Supplied information =

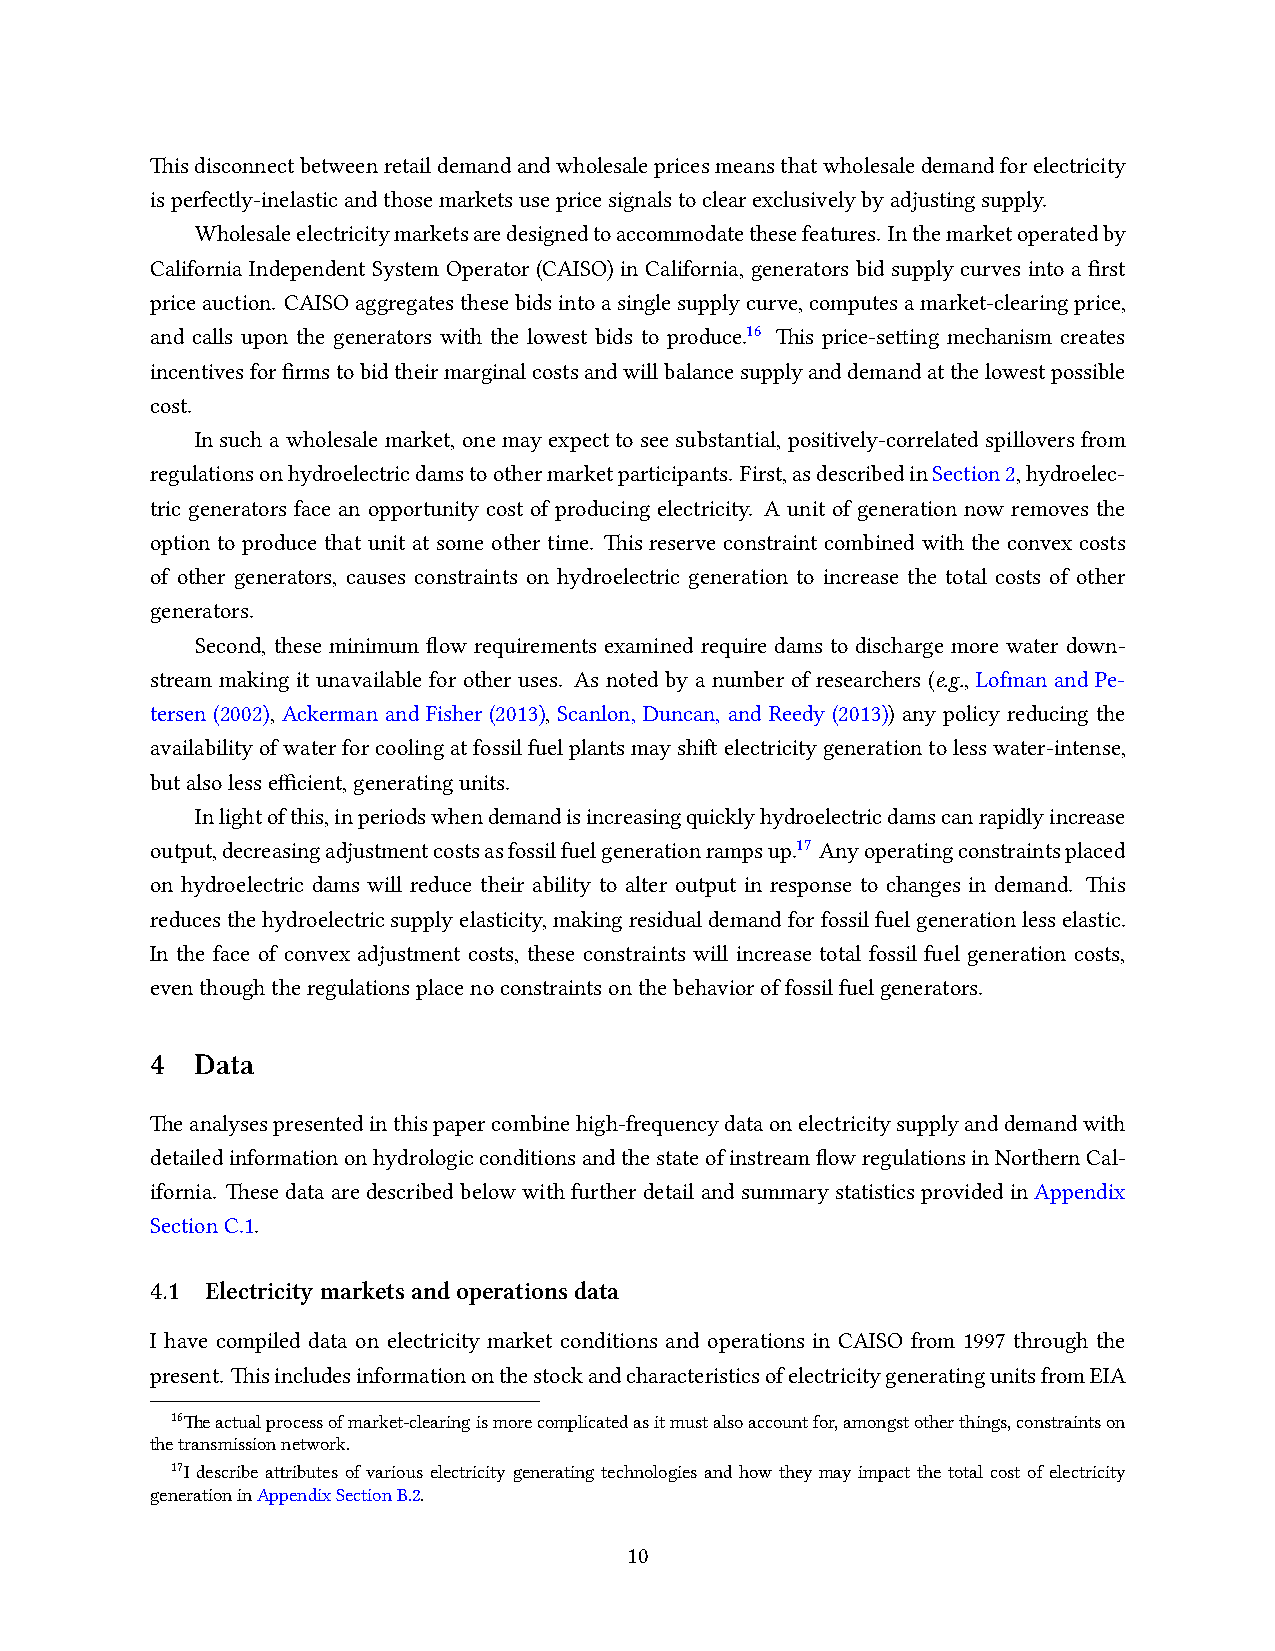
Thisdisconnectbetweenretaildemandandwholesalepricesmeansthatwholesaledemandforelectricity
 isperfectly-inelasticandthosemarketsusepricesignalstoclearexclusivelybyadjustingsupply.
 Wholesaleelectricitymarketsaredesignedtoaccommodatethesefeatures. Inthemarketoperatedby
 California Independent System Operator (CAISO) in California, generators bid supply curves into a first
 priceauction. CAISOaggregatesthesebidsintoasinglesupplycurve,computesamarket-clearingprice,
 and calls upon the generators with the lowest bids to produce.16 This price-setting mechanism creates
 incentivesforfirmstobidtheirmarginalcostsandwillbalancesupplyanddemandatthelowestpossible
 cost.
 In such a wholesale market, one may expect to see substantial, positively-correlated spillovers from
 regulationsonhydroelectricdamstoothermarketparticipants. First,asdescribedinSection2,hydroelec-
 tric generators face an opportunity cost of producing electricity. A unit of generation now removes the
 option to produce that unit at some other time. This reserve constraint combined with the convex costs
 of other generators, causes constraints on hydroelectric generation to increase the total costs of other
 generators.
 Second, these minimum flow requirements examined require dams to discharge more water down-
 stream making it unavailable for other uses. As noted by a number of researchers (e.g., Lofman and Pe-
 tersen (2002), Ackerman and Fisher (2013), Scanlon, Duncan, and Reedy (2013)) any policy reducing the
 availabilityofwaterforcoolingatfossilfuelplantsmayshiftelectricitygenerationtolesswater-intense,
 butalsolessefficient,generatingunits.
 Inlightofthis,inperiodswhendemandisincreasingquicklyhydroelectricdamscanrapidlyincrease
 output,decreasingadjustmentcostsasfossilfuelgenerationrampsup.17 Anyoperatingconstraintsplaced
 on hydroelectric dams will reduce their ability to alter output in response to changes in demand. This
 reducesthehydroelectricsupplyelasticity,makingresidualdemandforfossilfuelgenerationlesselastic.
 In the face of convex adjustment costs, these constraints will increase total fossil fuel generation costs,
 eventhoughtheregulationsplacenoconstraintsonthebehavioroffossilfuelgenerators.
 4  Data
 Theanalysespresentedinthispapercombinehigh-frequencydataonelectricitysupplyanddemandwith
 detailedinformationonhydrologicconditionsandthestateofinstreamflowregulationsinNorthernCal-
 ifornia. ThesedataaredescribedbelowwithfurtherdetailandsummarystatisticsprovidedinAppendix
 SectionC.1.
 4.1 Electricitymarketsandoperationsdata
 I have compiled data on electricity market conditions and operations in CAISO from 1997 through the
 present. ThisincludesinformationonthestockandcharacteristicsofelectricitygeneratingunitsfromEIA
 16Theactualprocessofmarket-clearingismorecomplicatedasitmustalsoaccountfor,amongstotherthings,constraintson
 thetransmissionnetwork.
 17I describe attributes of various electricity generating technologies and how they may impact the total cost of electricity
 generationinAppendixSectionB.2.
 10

Work required = Retype the full listing above precisely. Exclude each picture you find in it.

Output of the task =
Thisdisconnectbetweenretaildemandandwholesalepricesmeansthatwholesaledemandforelectricity
 isperfectly-inelasticandthosemarketsusepricesignalstoclearexclusivelybyadjustingsupply.
 Wholesaleelectricitymarketsaredesignedtoaccommodatethesefeatures. Inthemarketoperatedby
 California Independent System Operator (CAISO) in California, generators bid supply curves into a first
 priceauction. CAISOaggregatesthesebidsintoasinglesupplycurve,computesamarket-clearingprice,
 and calls upon the generators with the lowest bids to produce.16 This price-setting mechanism creates
 incentivesforfirmstobidtheirmarginalcostsandwillbalancesupplyanddemandatthelowestpossible
 cost.
 In such a wholesale market, one may expect to see substantial, positively-correlated spillovers from
 regulationsonhydroelectricdamstoothermarketparticipants. First,asdescribedinSection2,hydroelec-
 tric generators face an opportunity cost of producing electricity. A unit of generation now removes the
 option to produce that unit at some other time. This reserve constraint combined with the convex costs
 of other generators, causes constraints on hydroelectric generation to increase the total costs of other
 generators.
 Second, these minimum flow requirements examined require dams to discharge more water down-
 stream making it unavailable for other uses. As noted by a number of researchers (e.g., Lofman and Pe-
 tersen (2002), Ackerman and Fisher (2013), Scanlon, Duncan, and Reedy (2013)) any policy reducing the
 availabilityofwaterforcoolingatfossilfuelplantsmayshiftelectricitygenerationtolesswater-intense,
 butalsolessefficient,generatingunits.
 Inlightofthis,inperiodswhendemandisincreasingquicklyhydroelectricdamscanrapidlyincrease
 output,decreasingadjustmentcostsasfossilfuelgenerationrampsup.17 Anyoperatingconstraintsplaced
 on hydroelectric dams will reduce their ability to alter output in response to changes in demand. This
 reducesthehydroelectricsupplyelasticity,makingresidualdemandforfossilfuelgenerationlesselastic.
 In the face of convex adjustment costs, these constraints will increase total fossil fuel generation costs,
 eventhoughtheregulationsplacenoconstraintsonthebehavioroffossilfuelgenerators.
 4  Data
 Theanalysespresentedinthispapercombinehigh-frequencydataonelectricitysupplyanddemandwith
 detailedinformationonhydrologicconditionsandthestateofinstreamflowregulationsinNorthernCal-
 ifornia. ThesedataaredescribedbelowwithfurtherdetailandsummarystatisticsprovidedinAppendix
 SectionC.1.
 4.1 Electricitymarketsandoperationsdata
 I have compiled data on electricity market conditions and operations in CAISO from 1997 through the
 present. ThisincludesinformationonthestockandcharacteristicsofelectricitygeneratingunitsfromEIA
 16Theactualprocessofmarket-clearingismorecomplicatedasitmustalsoaccountfor,amongstotherthings,constraintson
 thetransmissionnetwork.
 17I describe attributes of various electricity generating technologies and how they may impact the total cost of electricity
 generationinAppendixSectionB.2.
 10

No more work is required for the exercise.